Ko E et al. (2008) Promoter hypermethylation of the p16 gene is associated with poor prognosis in recurrent early-stage hepatocellular carcinoma. Cancer Epidemiol Biomarkers Prev 17: 2260–2267

Patients with hepatocellular carcinoma (HCC) have a poor prognosis mainly because of high rates of recurrence, for which prognostic factors are lacking. Ko and colleagues assessed the role of promoter hypermethylation of genes expressed in HCC as prognostic factors of recurrence.

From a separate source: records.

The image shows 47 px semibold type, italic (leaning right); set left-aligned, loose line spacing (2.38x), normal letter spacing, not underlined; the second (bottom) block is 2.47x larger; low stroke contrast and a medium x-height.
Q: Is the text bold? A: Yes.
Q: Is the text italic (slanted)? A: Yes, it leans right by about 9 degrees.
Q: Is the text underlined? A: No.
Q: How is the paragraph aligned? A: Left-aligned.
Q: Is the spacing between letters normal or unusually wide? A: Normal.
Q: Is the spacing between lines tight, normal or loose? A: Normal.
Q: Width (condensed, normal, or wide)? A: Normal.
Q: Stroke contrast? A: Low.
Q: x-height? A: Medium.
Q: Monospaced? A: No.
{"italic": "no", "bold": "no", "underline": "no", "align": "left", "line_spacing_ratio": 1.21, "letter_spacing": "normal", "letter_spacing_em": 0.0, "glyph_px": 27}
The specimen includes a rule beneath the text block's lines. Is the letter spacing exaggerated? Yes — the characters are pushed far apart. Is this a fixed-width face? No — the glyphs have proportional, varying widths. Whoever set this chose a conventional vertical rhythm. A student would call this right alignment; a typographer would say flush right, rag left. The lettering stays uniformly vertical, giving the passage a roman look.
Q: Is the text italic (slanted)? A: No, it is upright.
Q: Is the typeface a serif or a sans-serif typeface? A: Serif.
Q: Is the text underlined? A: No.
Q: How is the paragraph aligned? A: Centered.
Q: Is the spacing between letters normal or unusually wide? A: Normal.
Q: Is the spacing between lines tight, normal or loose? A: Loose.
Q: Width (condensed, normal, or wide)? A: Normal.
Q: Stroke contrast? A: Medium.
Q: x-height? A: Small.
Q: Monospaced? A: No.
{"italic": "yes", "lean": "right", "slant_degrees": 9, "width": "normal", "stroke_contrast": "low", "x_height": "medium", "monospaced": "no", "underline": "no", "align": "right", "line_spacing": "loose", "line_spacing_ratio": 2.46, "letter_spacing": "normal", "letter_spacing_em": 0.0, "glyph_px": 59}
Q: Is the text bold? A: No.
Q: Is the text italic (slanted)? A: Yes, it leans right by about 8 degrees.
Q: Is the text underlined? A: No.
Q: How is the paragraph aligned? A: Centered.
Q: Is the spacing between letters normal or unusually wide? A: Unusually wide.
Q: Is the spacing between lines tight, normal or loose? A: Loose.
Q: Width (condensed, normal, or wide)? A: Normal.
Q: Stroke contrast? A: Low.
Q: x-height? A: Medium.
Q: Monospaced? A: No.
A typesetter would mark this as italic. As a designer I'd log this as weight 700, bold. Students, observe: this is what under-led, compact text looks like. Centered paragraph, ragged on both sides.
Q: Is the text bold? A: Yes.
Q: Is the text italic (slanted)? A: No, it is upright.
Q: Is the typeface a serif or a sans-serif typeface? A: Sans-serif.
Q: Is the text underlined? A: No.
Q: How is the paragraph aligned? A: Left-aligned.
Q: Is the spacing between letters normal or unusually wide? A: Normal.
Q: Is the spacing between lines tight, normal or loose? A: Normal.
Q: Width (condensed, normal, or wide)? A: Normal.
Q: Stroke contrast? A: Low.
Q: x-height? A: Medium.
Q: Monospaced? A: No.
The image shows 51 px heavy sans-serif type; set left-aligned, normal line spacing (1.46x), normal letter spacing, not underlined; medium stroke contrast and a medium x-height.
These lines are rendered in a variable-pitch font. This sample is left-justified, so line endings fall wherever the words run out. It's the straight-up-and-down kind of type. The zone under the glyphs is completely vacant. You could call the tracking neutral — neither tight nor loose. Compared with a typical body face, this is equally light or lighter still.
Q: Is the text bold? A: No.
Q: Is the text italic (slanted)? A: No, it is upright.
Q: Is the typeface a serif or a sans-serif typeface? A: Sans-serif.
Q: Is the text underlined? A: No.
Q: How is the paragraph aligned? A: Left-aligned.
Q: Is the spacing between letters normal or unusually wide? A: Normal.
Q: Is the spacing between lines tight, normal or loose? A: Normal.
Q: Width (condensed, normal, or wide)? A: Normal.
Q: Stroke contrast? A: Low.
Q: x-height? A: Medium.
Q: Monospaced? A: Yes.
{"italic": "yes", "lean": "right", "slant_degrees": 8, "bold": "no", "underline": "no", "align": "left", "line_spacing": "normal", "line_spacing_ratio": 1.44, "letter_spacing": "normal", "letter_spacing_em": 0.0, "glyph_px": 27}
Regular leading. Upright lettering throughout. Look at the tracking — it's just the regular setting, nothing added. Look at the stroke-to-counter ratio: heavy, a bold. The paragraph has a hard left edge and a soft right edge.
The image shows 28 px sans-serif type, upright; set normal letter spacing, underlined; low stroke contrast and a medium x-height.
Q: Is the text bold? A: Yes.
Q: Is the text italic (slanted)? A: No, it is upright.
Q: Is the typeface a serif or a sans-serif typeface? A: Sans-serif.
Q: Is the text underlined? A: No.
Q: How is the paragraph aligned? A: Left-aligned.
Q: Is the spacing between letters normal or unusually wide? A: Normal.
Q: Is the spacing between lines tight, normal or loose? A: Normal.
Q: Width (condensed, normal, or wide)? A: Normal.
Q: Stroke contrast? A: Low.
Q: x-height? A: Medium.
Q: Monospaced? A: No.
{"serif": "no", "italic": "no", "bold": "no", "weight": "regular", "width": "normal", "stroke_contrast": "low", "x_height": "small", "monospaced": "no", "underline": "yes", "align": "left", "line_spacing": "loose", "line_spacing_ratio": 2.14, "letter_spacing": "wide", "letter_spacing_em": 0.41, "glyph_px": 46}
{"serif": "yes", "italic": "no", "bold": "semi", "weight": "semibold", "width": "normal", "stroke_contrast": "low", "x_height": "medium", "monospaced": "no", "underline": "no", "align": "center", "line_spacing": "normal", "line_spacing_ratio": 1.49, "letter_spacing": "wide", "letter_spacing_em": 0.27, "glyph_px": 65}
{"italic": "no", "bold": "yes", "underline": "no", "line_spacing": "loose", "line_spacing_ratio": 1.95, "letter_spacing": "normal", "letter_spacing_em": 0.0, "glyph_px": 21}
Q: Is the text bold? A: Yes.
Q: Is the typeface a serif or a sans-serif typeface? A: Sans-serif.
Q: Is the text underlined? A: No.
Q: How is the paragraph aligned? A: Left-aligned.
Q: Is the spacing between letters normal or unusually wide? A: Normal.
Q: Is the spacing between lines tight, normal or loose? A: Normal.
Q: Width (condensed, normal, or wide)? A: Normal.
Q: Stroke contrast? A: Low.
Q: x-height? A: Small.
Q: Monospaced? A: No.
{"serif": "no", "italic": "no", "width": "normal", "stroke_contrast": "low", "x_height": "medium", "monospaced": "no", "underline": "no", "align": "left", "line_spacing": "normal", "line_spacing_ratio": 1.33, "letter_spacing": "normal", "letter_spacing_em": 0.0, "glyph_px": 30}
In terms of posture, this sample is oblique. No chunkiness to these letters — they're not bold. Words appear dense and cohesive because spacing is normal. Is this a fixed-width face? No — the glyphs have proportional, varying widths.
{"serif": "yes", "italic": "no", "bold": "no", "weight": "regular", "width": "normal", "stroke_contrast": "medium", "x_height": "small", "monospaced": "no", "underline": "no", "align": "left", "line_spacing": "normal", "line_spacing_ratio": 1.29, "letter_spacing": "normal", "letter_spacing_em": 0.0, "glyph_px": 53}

The authors used a methylation-specific polymerase chain reaction technique to analyze the methylation status of seven genes in tissue samples from 265 patients with HCC obtained at surgical resection. Recurrence developed in 38% of patients (n = 102). Promoter hypermethylation of p14 (CDK2AP2), p15 (CDKN2B), p16 (CDKN2A), GSTP1, SYK, CDH1 and integrin α4 (ITGA4) genes was detected in 6%, 21%, 67%, 75%, 12%, 57% and 23% of the tissue samples, respectively. After adjustment for confounding factors, no associations were observed between promoter hypermethylation of any gene and risk of recurrence. Overall survival and survival after recurrence of stage I to II HCC were very poor in patients whose tumors did not express the p16 protein; however, concomitant expression of p53 did not worsen their prognosis. Patients with recurrent stage I to II HCC and p16 methylation had significantly worse overall survival than similar patients without p16 methylation (hazard ratio 4.05). Moreover, the risk of treatment failure was approximately 3.80 times higher in patients with recurrent stage I to II HCC and p16 methylation compared with such patients without p16 methylation (P = 0.04).

These results suggest that p16 methylation is associated with poor prognosis after surgery in recurrent, early-stage HCC.